Yesterday I saw a meme on reddit about browsers and I did not see even one person mentioning this WEI shit. Everyone was praising Chrome. We are truly fucked.

[–] icepuncher69@sh.itjust.works 23 points 1 year ago* (last edited 1 year ago) (1 children)

So reddit is definetly being astrosurfed hard isnt it?

[–] Nythos@sh.itjust.works 15 points 1 year ago (1 children)
[–] icepuncher69@sh.itjust.works 7 points 1 year ago* (last edited 1 year ago)

"Turns around and disarms astronaut"

[–] starman@programming.dev 19 points 1 year ago

It's because people that are about FOSS, freedom and privacy have moved to lemmy already

[–] TwilightVulpine@lemmy.world 15 points 1 year ago

I imagine some will change their minds as soon as ad blocking starts to fail.

[–] Qvest@lemmy.world 4 points 1 year ago (2 children)

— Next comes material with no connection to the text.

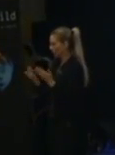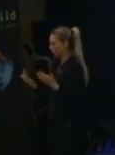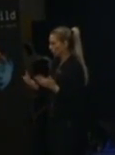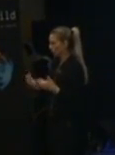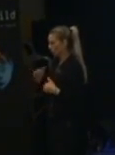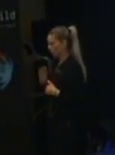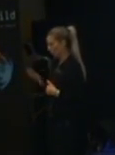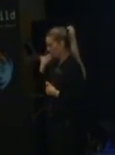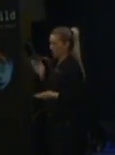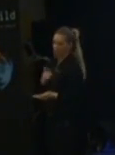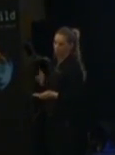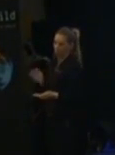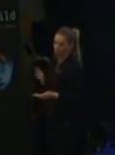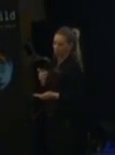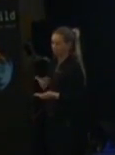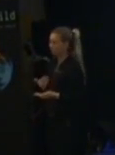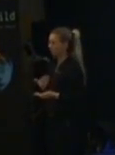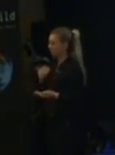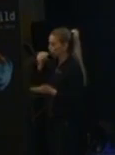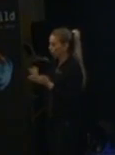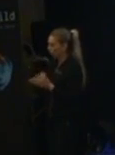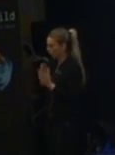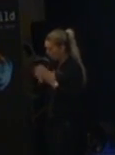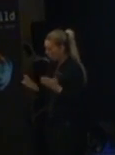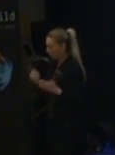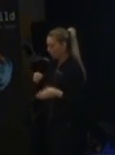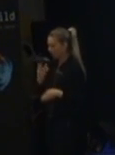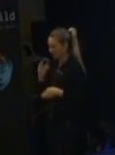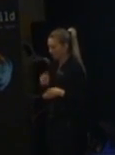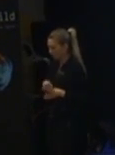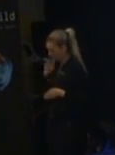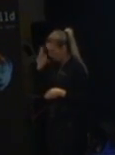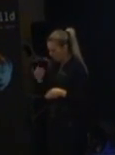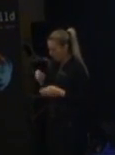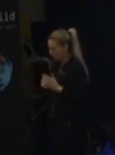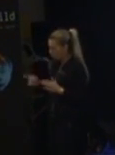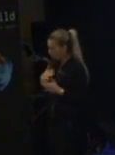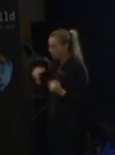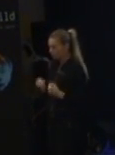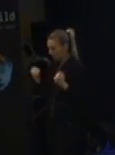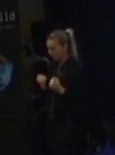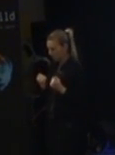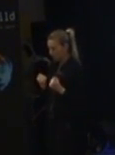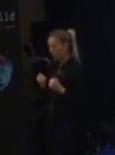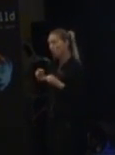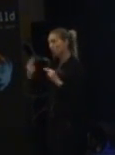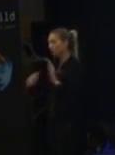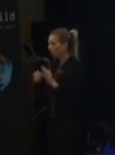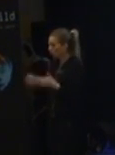genom en sagobok för en treåring. Därför att hon tycker att den fångar henne av någon anledning. Och så nästa sekund läser hon

One thing I don't understand about all of this WEI: can't we just use a user agent switcher / spoofer to 'look' like chrome or any other browser and OS to counter this?

[–] Freakmiko@lemmy.world 6 points 1 year ago

This isn't about a user agent. In basic terms there is supposed to be some kind of software that attests that the browser is actually what it claims to be. On the other side, a server can trust this "attester" or not. So even if you wrote software that always attests what the browser claims to be, Netflix for example could say "nah, I don't trust you bro".

On Android this attestation would be done by the Google play services (afaik). On desktop, the OSs would need to implement this attestation.

Please someone correct me if I'm wrong on this.

While I haven't seen data to back this up, another Lemmy user called out that Intel chips may have support for running secure code the user cannot modify. The results are signed by an encryption key on the motherboard/CPU that cannot be extracted to fake the signature.

So let's say Chrome asks this hardware module to hash the executable code and some state for itself currently in RAM and sign it with Intel's private key on the motherboard/CPU. The "some state" portion ensures the hash is always unique. Maybe it is just a timestamp. Regardless, this helps the attestation server know Chrome has not been modified because the hash is unique and cannot simply be captured in flight once and then replayed/faked over and over like a user-agent string.